结合本例中使用的 $out 阶段,用聚合管道的结果替换原始集合(已从每个学生的最低分数中删除):
// > db.collection.find()
// { "student_id" : 0, "type" : "exam", "score" : 54.6535436362647 }
// { "student_id" : 0, "type" : "homework", "score" : 14.8504576811645 }
// { "student_id" : 0, "type" : "homework", "score" : 63.98402553675503 }
// { "student_id" : 1, "type" : "homework", "score" : 21.33260810416115 }
// { "student_id" : 1, "type" : "homework", "score" : 44.31667452616328 }
db.collection.aggregate(
{ $group: {
_id: "$student_id",
docs: { $accumulator: {
accumulateArgs: ["$$ROOT"],
init: function() { return []; },
accumulate: function(docs, doc) { return docs.concat(doc); },
merge: function(docs1, docs2) { return docs1.concat(docs2); },
finalize: function(docs) {
var min = Math.min(...docs.map(x => x.score));
var i = docs.findIndex((doc) => doc.score == min);
docs.splice(i, 1);
return docs;
},
lang: "js"
}}
}},
{ $unwind: "$docs" },
{ $replaceWith: "$docs" },
{ $out: "collection" }
)
// > db.collection.find()
// { "student_id" : 0, "type" : "exam", "score" : 54.6535436362647 }
// { "student_id" : 0, "type" : "homework", "score" : 63.98402553675503 }
// { "student_id" : 1, "type" : "homework", "score" : 44.31667452616328 }
这个:
$groups 文档student_id并将它们累积为从得分最低的文档中剥离的数组:accumulateArgs是累积函数使用的字段组合(或者在我们的例子中是整个文档$$ROOT)。每个原始累加数组
init初始化为一个空数组。文档只是
concatanated(accumulate和merge)最后,一旦所有文档都被分组,
finalize步骤允许找到得分最低的分组文档,以便将其删除。在此阶段结束时,流水线文档如下所示:
{ "_id" : 0, "docs" : [ { "student_id" : 0, "type" : "exam", "score" : 54.6535436362647 }, { "student_id" : 0, "type" : "quiz", "score" : 31.95004496742112 }, { "student_id" : 0, "type" : "homework", "score" : 63.98402553675503 } ] } ...

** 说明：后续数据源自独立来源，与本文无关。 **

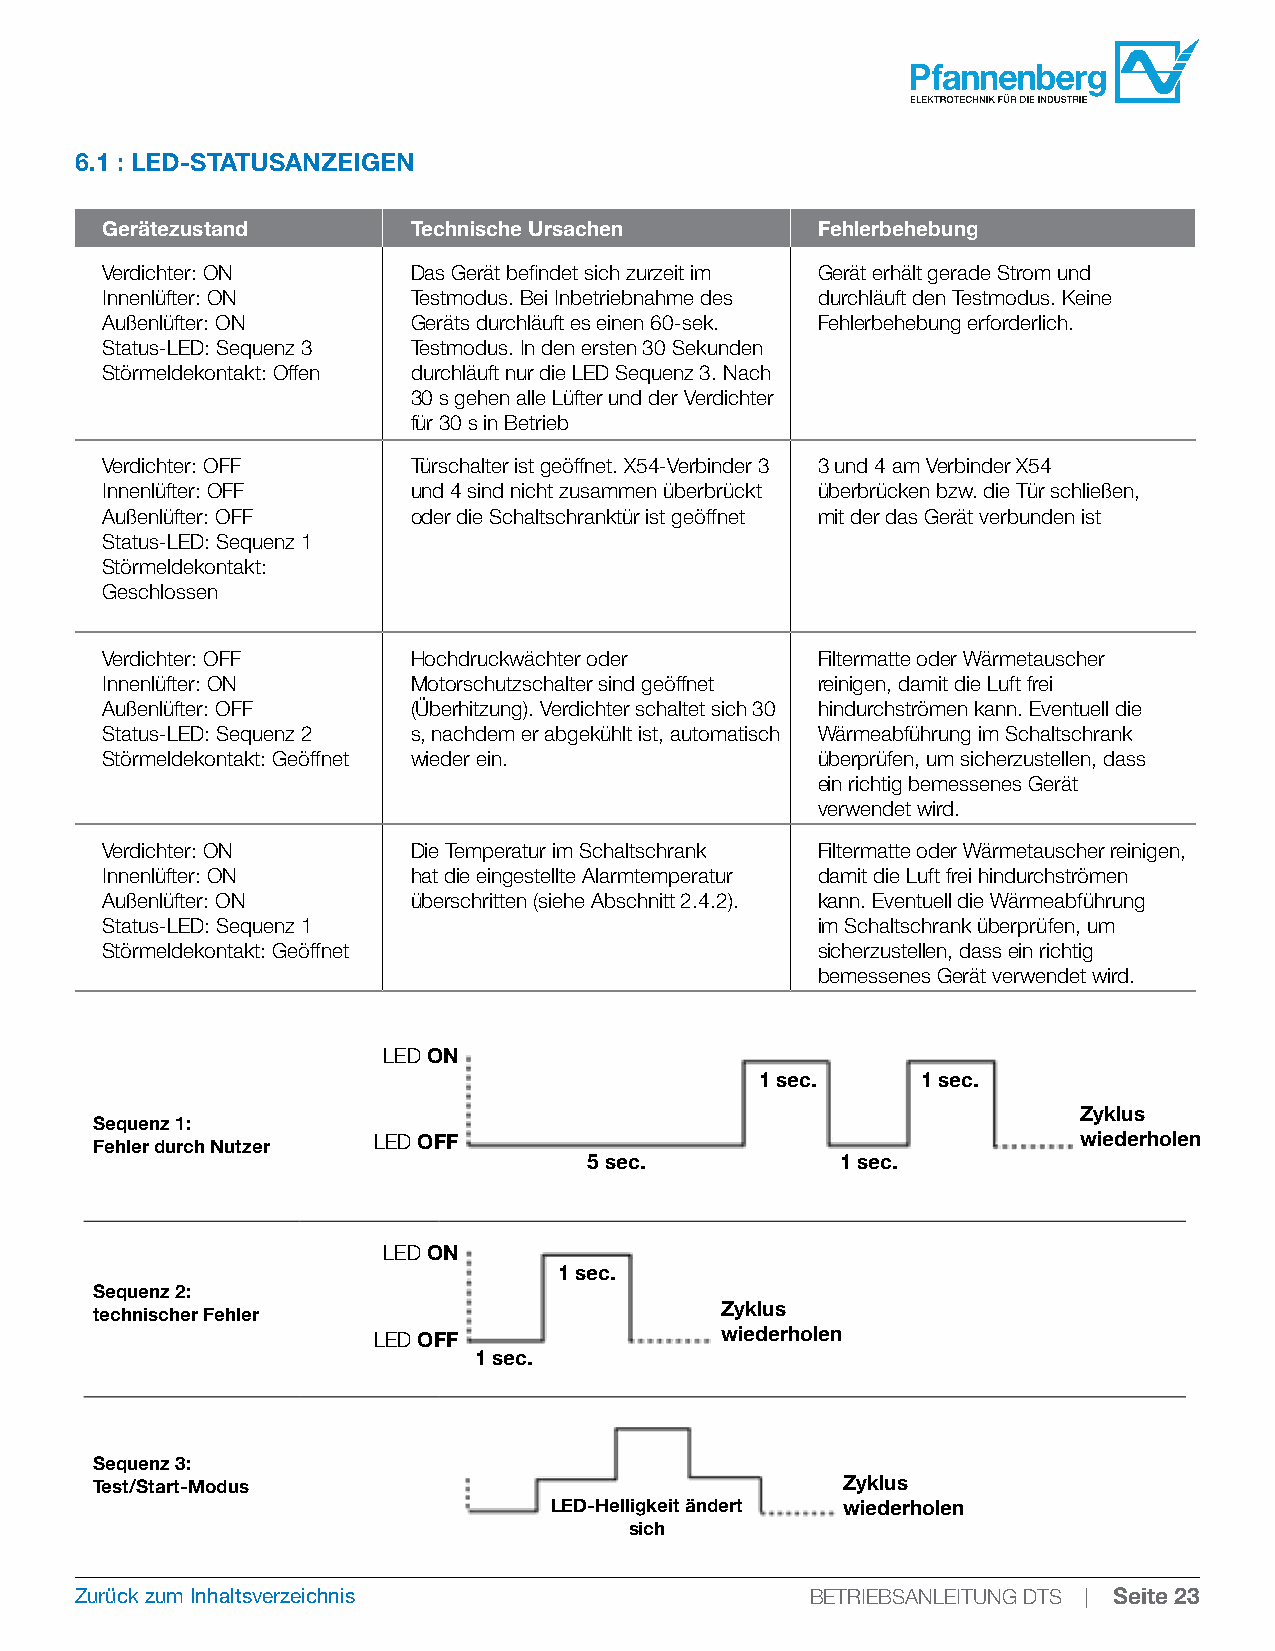
6.1 : LED-STATUSANZEIGEN
 Gerätezustand       Technische Ursachen        Fehlerbehebung
 Verdichter: ON      Das Gerät befindet sich zurzeit im Gerät erhält gerade Strom und
 Innenlüfter: ON     Testmodus. Bei Inbetriebnahme des durchläuft den Testmodus. Keine
 Außenlüfter: ON     Geräts durchläuft es einen 60-sek. Fehlerbehebung erforderlich.
 Status-LED: Sequenz 3 Testmodus. In den ersten 30 Sekunden
 Störmeldekontakt: Offen durchläuft nur die LED Sequenz 3. Nach
 30 s gehen alle Lüfter und der Verdichter
 für 30 s in Betrieb
 Verdichter: OFF     Türschalter ist geöffnet. X54-Verbinder 3 3 und 4 am Verbinder X54
 Innenlüfter: OFF    und 4 sind nicht zusammen überbrückt überbrücken bzw. die Tür schließen,
 Außenlüfter: OFF    oder die Schaltschranktür ist geöffnet mit der das Gerät verbunden ist
 Status-LED: Sequenz 1
 Störmeldekontakt:
 Geschlossen
 Verdichter: OFF     Hochdruckwächter oder      Filtermatte oder Wärmetauscher
 Innenlüfter: ON     Motorschutzschalter sind geöffnet reinigen, damit die Luft frei
 Außenlüfter: OFF    (Überhitzung). Verdichter schaltet sich 30 hindurchströmen kann. Eventuell die
 Status-LED: Sequenz 2 s, nachdem er abgekühlt ist, automatisch Wärmeabführung im Schaltschrank
 Störmeldekontakt: Geöffnet wieder ein.         überprüfen, um sicherzustellen, dass
 ein richtig bemessenes Gerät
 verwendet wird.
 Verdichter: ON      Die Temperatur im Schaltschrank Filtermatte oder Wärmetauscher reinigen,
 Innenlüfter: ON     hat die eingestellte Alarmtemperatur damit die Luft frei hindurchströmen
 Außenlüfter: ON     überschritten (siehe Abschnitt 2.4.2). kann. Eventuell die Wärmeabführung
 Status-LED: Sequenz 1                          im Schaltschrank überprüfen, um
 Störmeldekontakt: Geöffnet                     sicherzustellen, dass ein richtig
 bemessenes Gerät verwendet wird.
 LED ON
 1 sec.     1 sec.
 Zyklus
 Sequenz 1:
 Fehler durch Nutzer LED OFF                                      wiederholen
 5 sec.           1 sec.
 LED ON
 1 sec.
 Sequenz 2:
 technischer Fehler                        Zyklus
 LED OFF                wiederholen
 1 sec.
 Sequenz 3:
 Test/Start-Modus                                  Zyklus
 LED-Helligkeit ändert wiederholen
 sich
 Zurück zum Inhaltsverzeichnis                    BETRIEBSANLEITUNG DTS | Seite 23
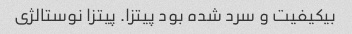
بیکیفیت و سرد شده بود پیتزا. پیتزا نوستالژی
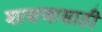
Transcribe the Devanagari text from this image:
शासणासाठी
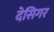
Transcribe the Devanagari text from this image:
देसिगर
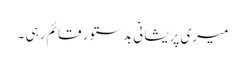
میری پریشانی بد ستور قائم رہی ۔
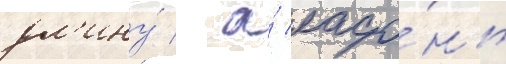
дл'ину́ / а́ ладо́нь
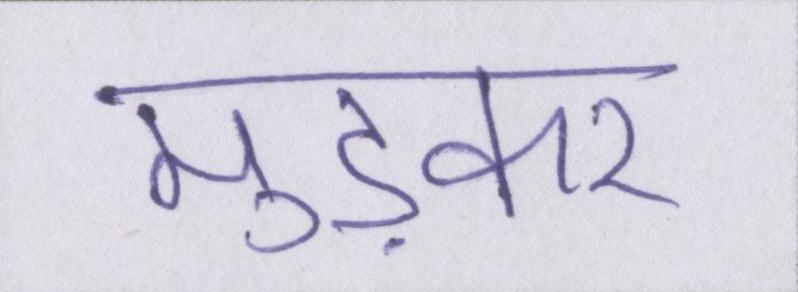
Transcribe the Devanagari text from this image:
मुड़कर
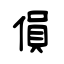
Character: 傊
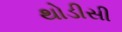
થોડીસી
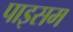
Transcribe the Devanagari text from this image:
पाइसम
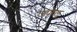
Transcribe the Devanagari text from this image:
उपोलू
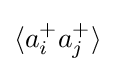
\langle a_{i}^{+}a_{j}^{+}\rangle
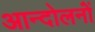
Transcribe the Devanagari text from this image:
आन्दोलनोंं
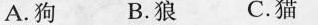
A.狗 B.狼 C.猫
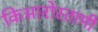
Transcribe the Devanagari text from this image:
किआरोस्तामी
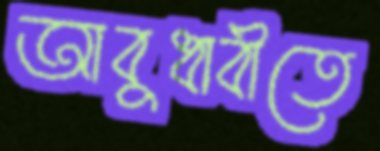
আবুধাবীতে
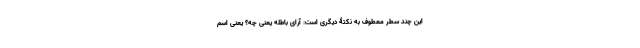
این چند سطر معطوف به نکتۀ دیگری است: آرای باطله یعنی چه؟ یعنی اسم
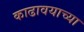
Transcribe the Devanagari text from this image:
काढावयाच्या
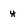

$unwinds 分组文档的累积字段以展平分组文档的数组,并返回类似:{ "_id" : 0, "docs" : { "student_id" : 0, "type" : "exam", "score" : 54.6535436362647 } } { "_id" : 0, "docs" : { "student_id" : 0, "type" : "quiz", "score" : 31.95004496742112 } } { "_id" : 0, "docs" : { "student_id" : 0, "type" : "homework", "score" : 63.98402553675503 } } ...$replaceWith将每个文档中的所有现有字段与字段的内容累加起来,以便找回原来的格式。在这个阶段结束时,我们有类似的东西:{ "student_id" : 0, "type" : "exam", "score" : 54.6535436362647 } { "student_id" : 0, "type" : "quiz", "score" : 31.95004496742112 } { "student_id" : 0, "type" : "homework", "score" : 63.98402553675503 } ...$out将聚合管道的结果插入同一个集合中。注意$out方便的替换了指定集合的内容,使得这个解决方案成为可能。